How we will gather metrics#

django-prometheus exports Prometheus metrics from a Django app and covers all the information we’d want, at least to start off with.

There is not a real equivalent for Nuxt so we’ll have to write our own either from scratch or based on the ones that already exist. It would be nice to do this as a separate Nuxt module so that we can share it with the wider Nuxt community as an actively maintained and used-in-production Prometheus exporter.

The rest of our services all have relevant exporters available, either official ones or ones with massive community support. Those are covered in the “Prometheus data integrations” section below.

Monitoring#

It’s hard to get into specifics about this, but there are a some scenarios up-front that we can anticipate wanting monitors for.

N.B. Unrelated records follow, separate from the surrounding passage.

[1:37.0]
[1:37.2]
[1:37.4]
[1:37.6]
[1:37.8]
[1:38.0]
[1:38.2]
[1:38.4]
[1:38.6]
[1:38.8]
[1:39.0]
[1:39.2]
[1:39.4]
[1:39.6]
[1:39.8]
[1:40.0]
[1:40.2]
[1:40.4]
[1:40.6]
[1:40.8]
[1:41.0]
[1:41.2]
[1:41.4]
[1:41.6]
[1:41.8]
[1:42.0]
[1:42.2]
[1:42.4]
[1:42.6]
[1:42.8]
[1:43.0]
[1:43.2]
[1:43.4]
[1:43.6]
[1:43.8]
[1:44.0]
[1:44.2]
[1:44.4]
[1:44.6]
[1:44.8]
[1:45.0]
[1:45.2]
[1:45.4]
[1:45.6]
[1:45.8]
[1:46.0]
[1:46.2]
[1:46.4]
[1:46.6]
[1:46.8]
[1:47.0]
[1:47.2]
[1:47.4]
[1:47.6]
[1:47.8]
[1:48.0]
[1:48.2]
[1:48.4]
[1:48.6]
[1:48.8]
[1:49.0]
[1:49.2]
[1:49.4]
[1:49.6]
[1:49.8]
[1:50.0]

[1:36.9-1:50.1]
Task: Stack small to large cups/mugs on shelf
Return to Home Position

  • Sustained periods of time (60 seconds?) where count_req_total == count_5xx_total or count_req_total >= (count_5xx_total / threshold)

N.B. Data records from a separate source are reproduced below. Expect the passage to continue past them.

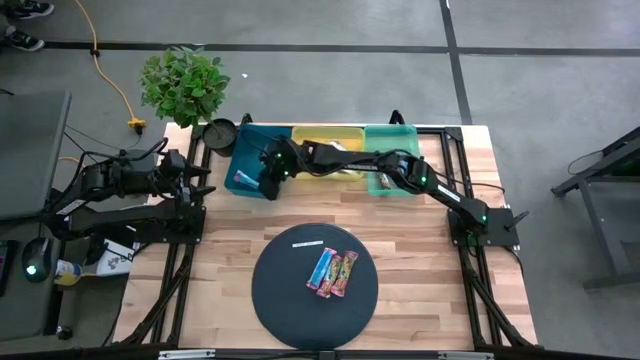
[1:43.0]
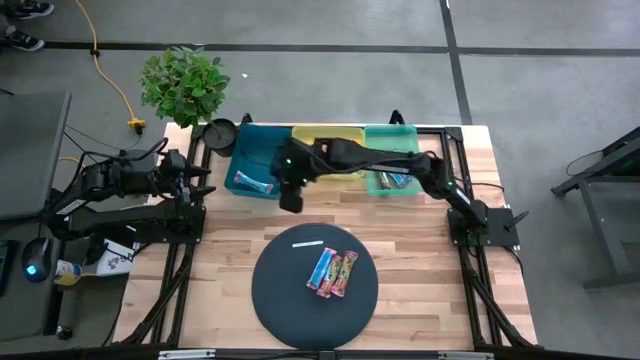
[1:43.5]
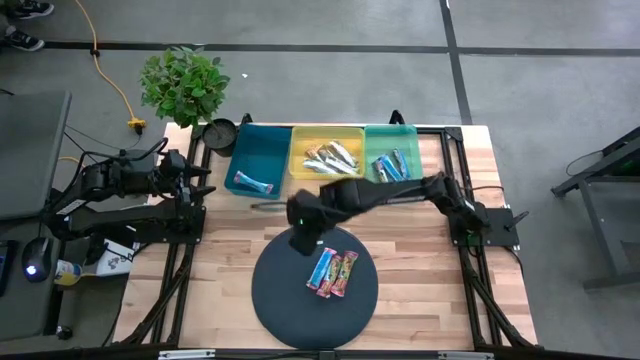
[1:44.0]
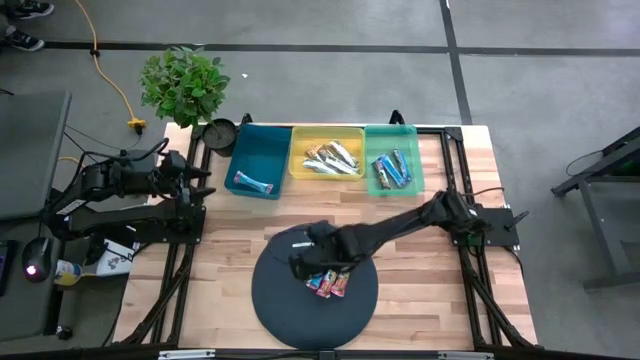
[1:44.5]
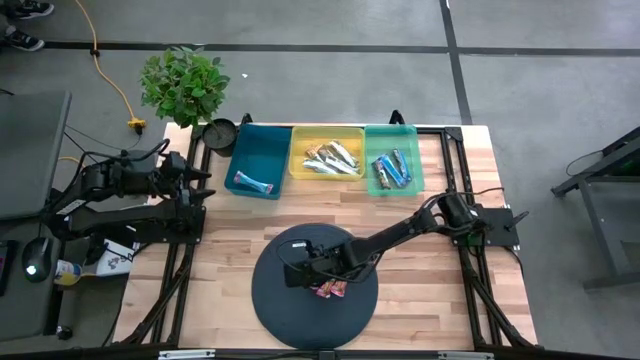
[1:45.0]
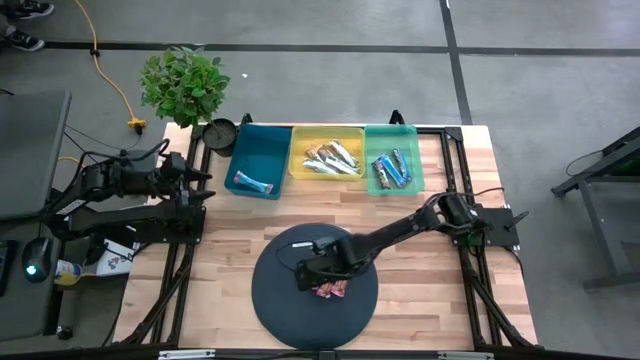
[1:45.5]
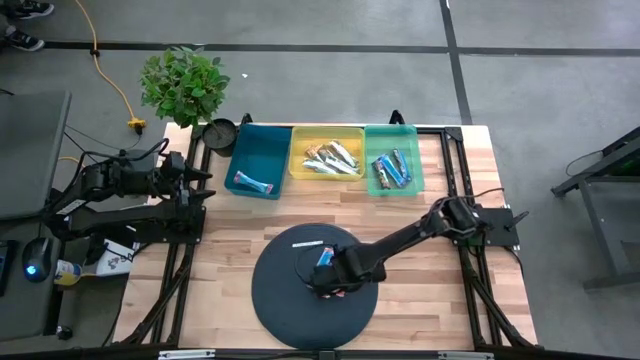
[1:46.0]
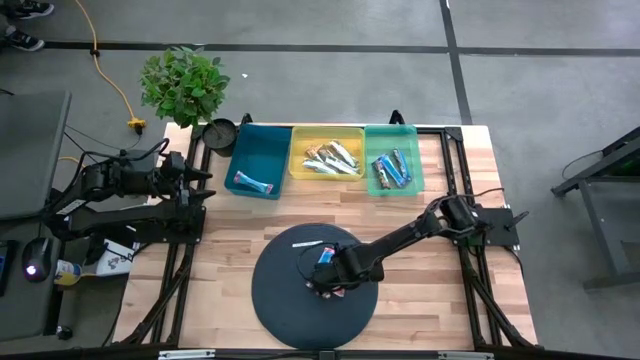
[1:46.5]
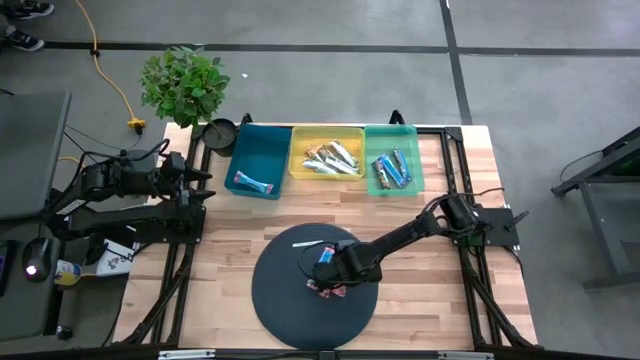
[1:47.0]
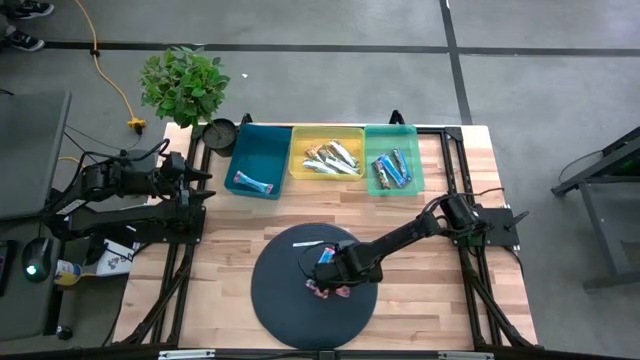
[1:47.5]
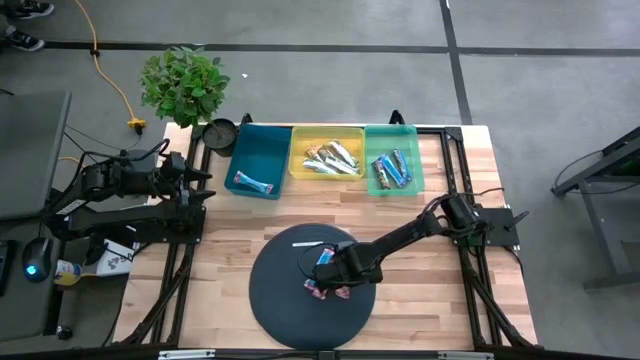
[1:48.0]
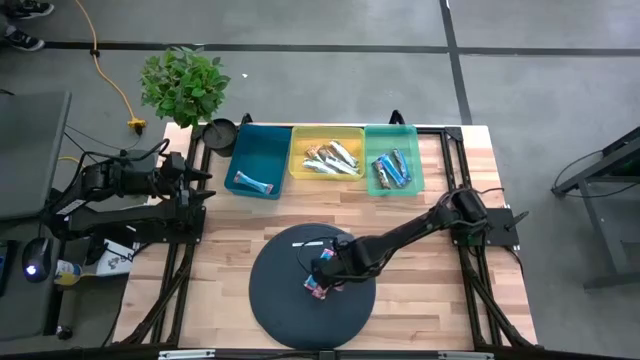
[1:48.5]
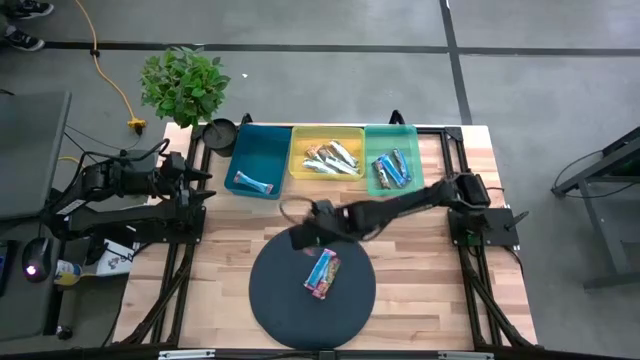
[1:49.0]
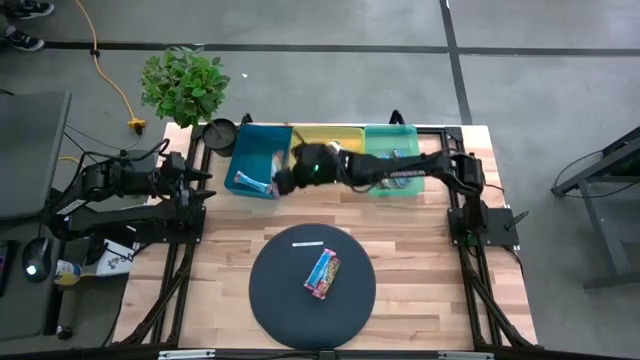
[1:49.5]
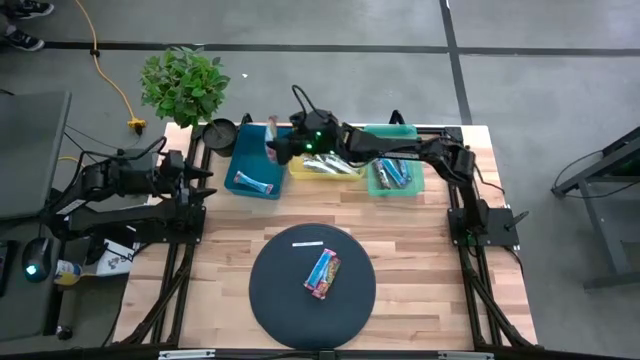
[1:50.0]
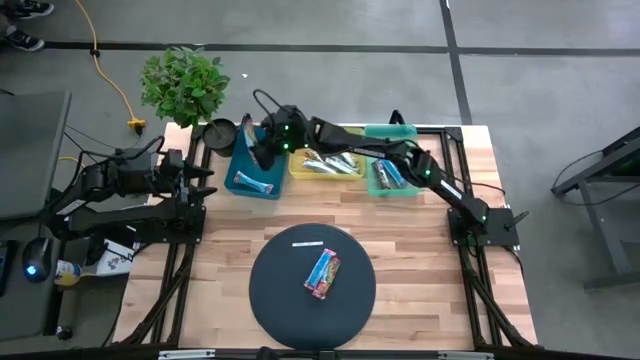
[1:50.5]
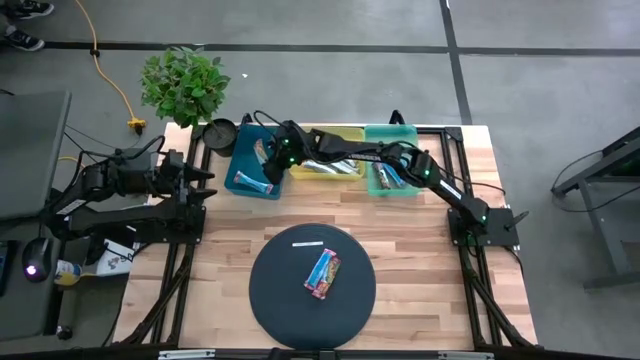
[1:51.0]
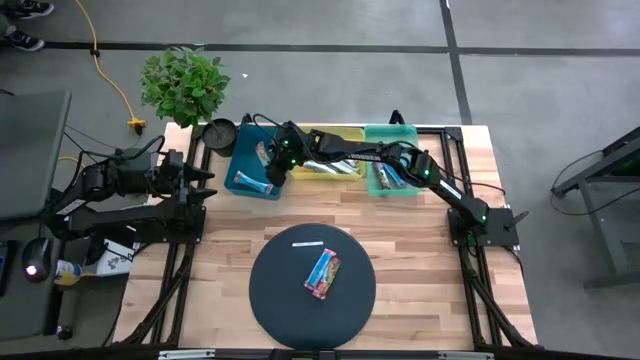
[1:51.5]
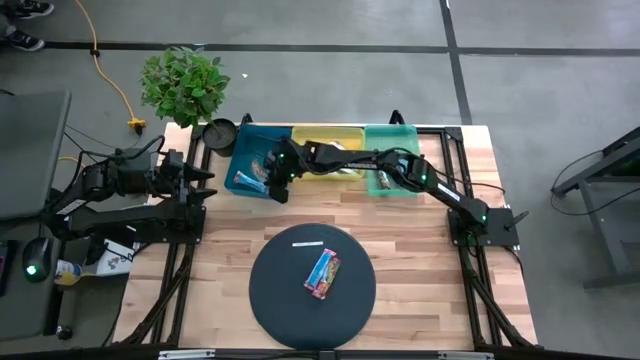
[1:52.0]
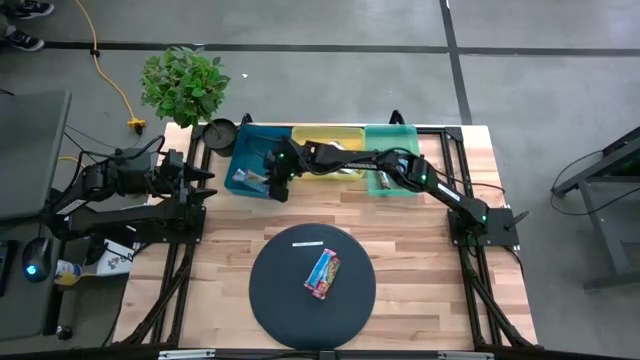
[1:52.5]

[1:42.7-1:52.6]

    • Note, queries are rarely that intuitive to write and have at least two moving parts that dictate how the alarm works, the query and then the alarm condition.

  • Each view has a version of the above relative to request frequency. Views with lower overall requests per second will require longer windows of time before alerting. We could also configure something like view_request_count > threshold && view_5xx_count == view_request_count to filter out cases where only a small number of requests have occurred against a view that happened to fail; though this is risky. I think in those cases we’d not want an alarm per se but would still want to be closely monitoring these types of occurrences through some low-priority alert and active dashboard viewing.

Additionally, we’ll eventually be able to incorporate anomaly monitors. Anomaly monitoring boils down to determining whether there are any statistically significant periods of time where any given metric is an unexpected standard deviation away from seasonal-mean[2] for the metric. For example, if we normally mean 1200 2xx response codes per second, with a standard deviation of 100 and our 2xx response codes drop to 1000 per second for a sustained period of time, then we’d want an alarm to be raised.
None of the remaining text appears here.